Von "bayerisch Sibirien" kann am Samstag wahrlich nicht gesprochen werden. Zumindest bis 16 Uhr, um 14 Uhr begann die Veranstaltung, halten sich viele Besucher noch im kühlen Nass des Märchenbades auf. Bei dem Sonnenschein müssen die Jungs von "Missing Every" ihrem Publikum gar nicht groß einheizen. Die meisten sind heiß auf Rock, manchen wird es gar zu heiß und viele ziehen es vor, das Geschehen aus dem Schatten der Bäume und nicht direkt vor der Bühne zu verfolgen. "Noihaus", die Thüringer, punken auf ihre bewährte und inzwischen auch bekannte und beliebte Art. Und "Empty-V" überraschen mit Sängerin Daniela. Festivalstimmung verbreitet sich auf den Liegewiesen, über die Bühne ziehen Nebelschwaden, es duftet nach Bratwurst.
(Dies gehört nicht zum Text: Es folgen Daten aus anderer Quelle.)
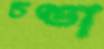
চণ্ডা
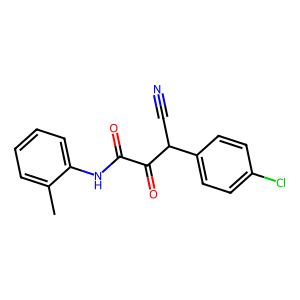
SMILES: Cc1ccccc1NC(=O)C(=O)C(C#N)c1ccc(Cl)cc1
Inhibits HIV replication: No
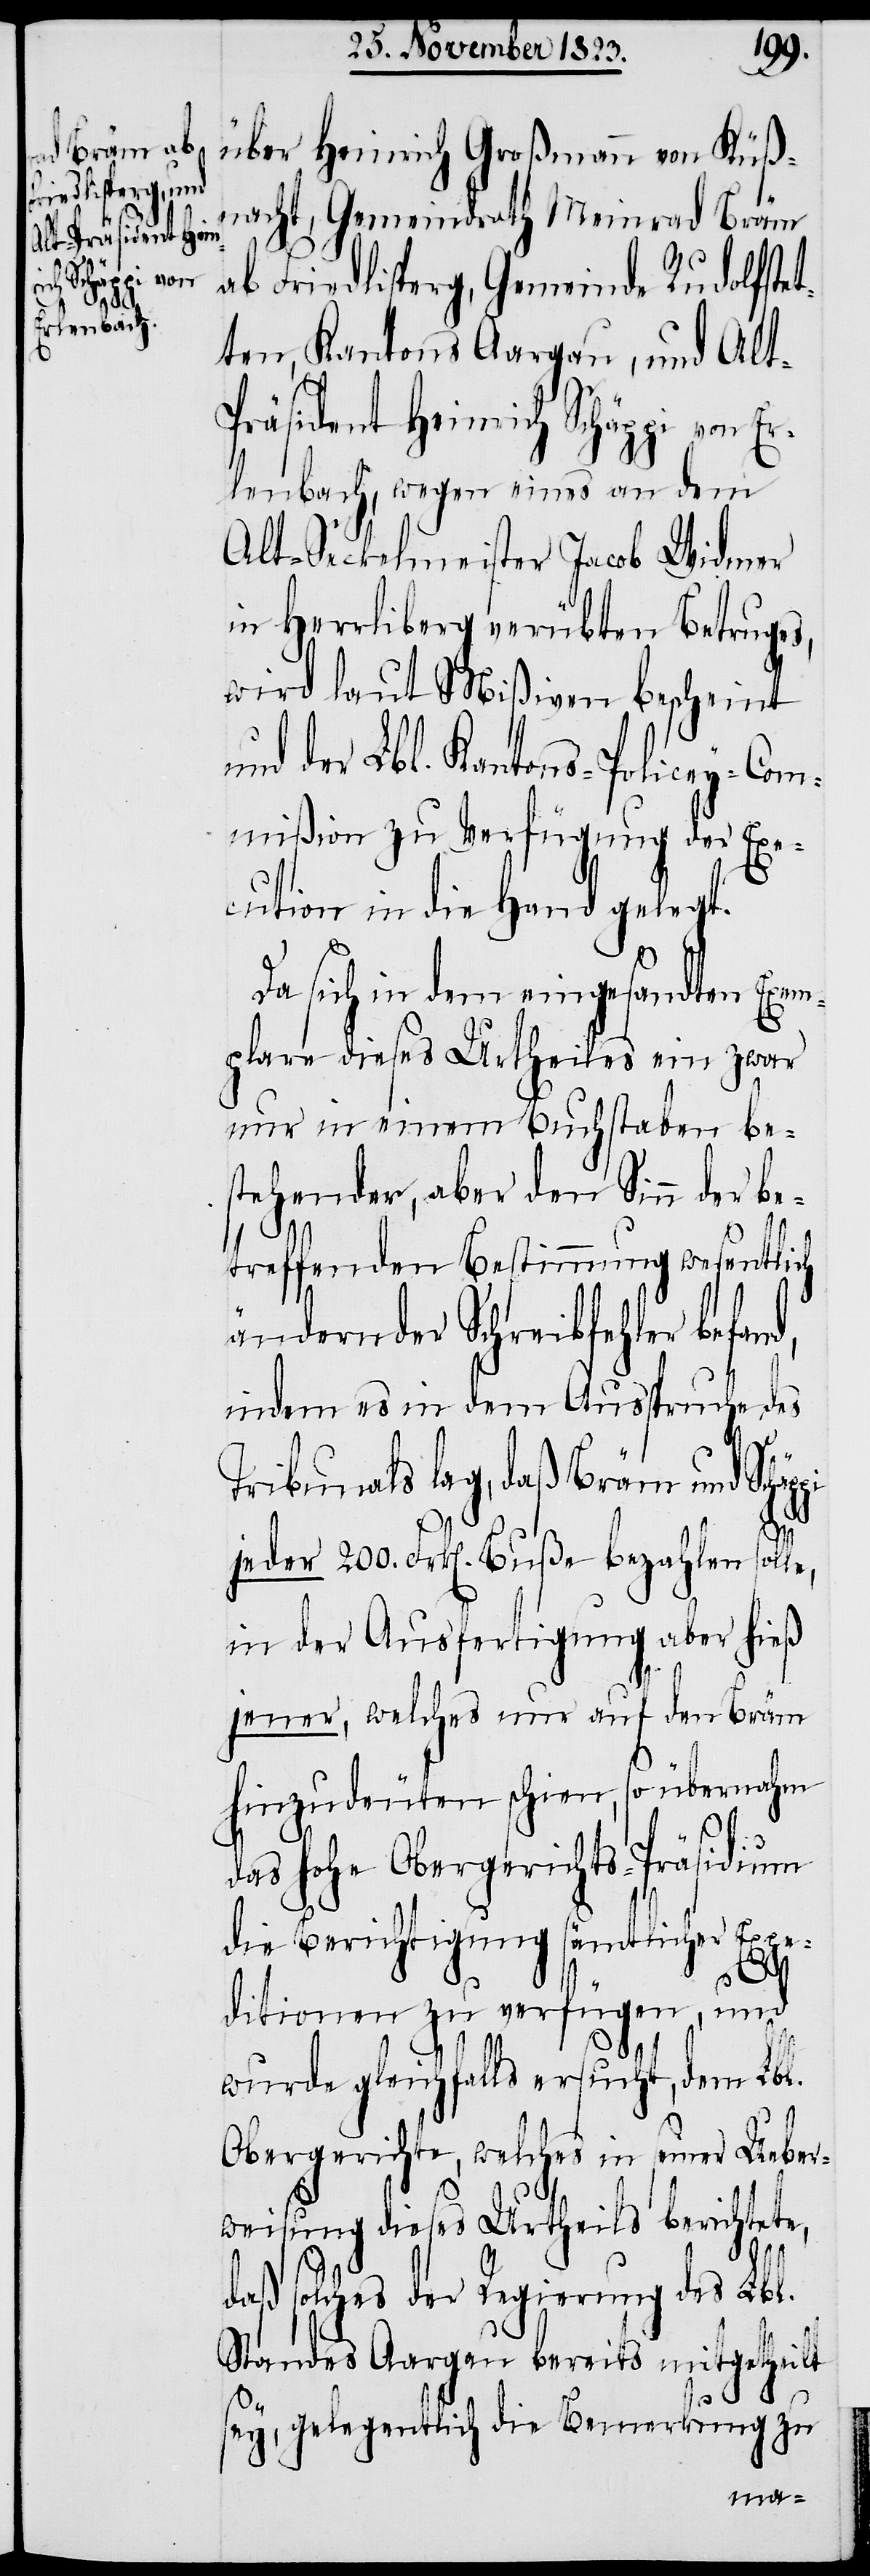
über Heinrich Großmann von Küß¬
nacht, Gemeindrath Meinrad Bräm
ab Friedlisperg, Gemeinde Rudolfstet¬
ten, Kantons Aargau, und Alt-P¬
räsident Heinrich Schäppi von E¬
rlenbach, wegen eines an dem
Alt-Seckelmeister Jacob Widmer
in Herrliberg verübten Betruges,
wird laut Mißiven bescheint
und der Lbl. Kantons-Policey-Com¬
mißion zu Verfügung der Exe¬
cution in die Hand gelegt.
Da sich in dem eingesandten Exem¬
plare dieses Utheiles ein zwar
nur in einem Buchstaben be¬
stehender, aber den Sinn der be¬
treffenden Bestimmung wesentlich
ändernder Schreibfehler befand,
indem es in dem Ausspruche des
Tribunals lag, daß Bräm und Schä¬
jeder 200. Frk[en]. Buße bezahlen soll¬
in der Ausfertigung aber hieß
jener, welches nur auf den Bräm
hinzudeuten schien, so übernahm
ppi
das hohe Obergerichts-Präsidium
die Berichtigung sämtlicher Expe¬
ditionen zu verfügen, und
wurde gleichfalls ersucht, dem Lbl.
Obergerichte, welches in seiner Ueber¬
weisung dieses Urtheils berichtete,
daß solches der Regierung des Lbl.
Standes Aargau bereits mitgetheilt
e,
sey, gelegentlich die Bemerkung zu

Die Besucher sonnen sich, oder chillen auch mal, Abstand vom Alltag, ein paar tanzen.

"One Day Off", Oma Tonns Enkel, singen leisere Lieder, melodiös und dennoch mitreißend. Die meisten Titel stammen aus Pattricks Feder. Gesang im Duett wie einst "Simon and Garfunkel", begleitet mit Gitarre und Cajòn. Das hört sich beinahe schon an wie ein Konzert im Central-Park. "Rap meets Rock", der Titel der Gruppe "Soul Jam" ist deutlich flotter. Die Bamberger "leben" vom ständigen Dialog mit dem Publikum, von der Interaktion mit den Besuchern und diese stellen sich inzwischen schon mal auf die Hauptgruppe, auf "Herzblut" ein.

"Herzblut", das sind sieben Vollblut-Musiker aus Bamberg. Mit ihrer energiegeladenen Show sorgen Simone, Chris, Nobby, Alex, Joe, Christoph und Sören mit dem Motto "Rock-Magie" für allerbeste Stimmung, setzen dem "i" des Konzertabends den Punkt auf. Es ist zu spüren, dass da eine zusammengewachsene Gruppe auf der Bühne steht, mit Mitgliedern, die ihr Metier jederzeit im Griff haben. Das Repertoire umfasst aktuelle Chartstürmer, Rock-Klassiker, Heavy-Metal und Partynummern. Da sind Songs von "Rammstein" dabei, von den "Toten Hosen", von den "Onkelz", aber auch die "alten Meister" wie Dylans "Mighty Quinn" oder Johnny Cashs "Ring of fire". Die Bühnenshow, abgerundet von der Feuershow einer Feuerkünstlerin, zeigt, was die Künstler mit ihrer Musik ausdrücken wollen. Nach fast 50 Titeln geht gegen Mitternacht ein wieder vollauf gelungenes Festival seinem Ende entgegen. Da kann dann die letzte Zugabe nur heißen: "An Tagen wie diesen".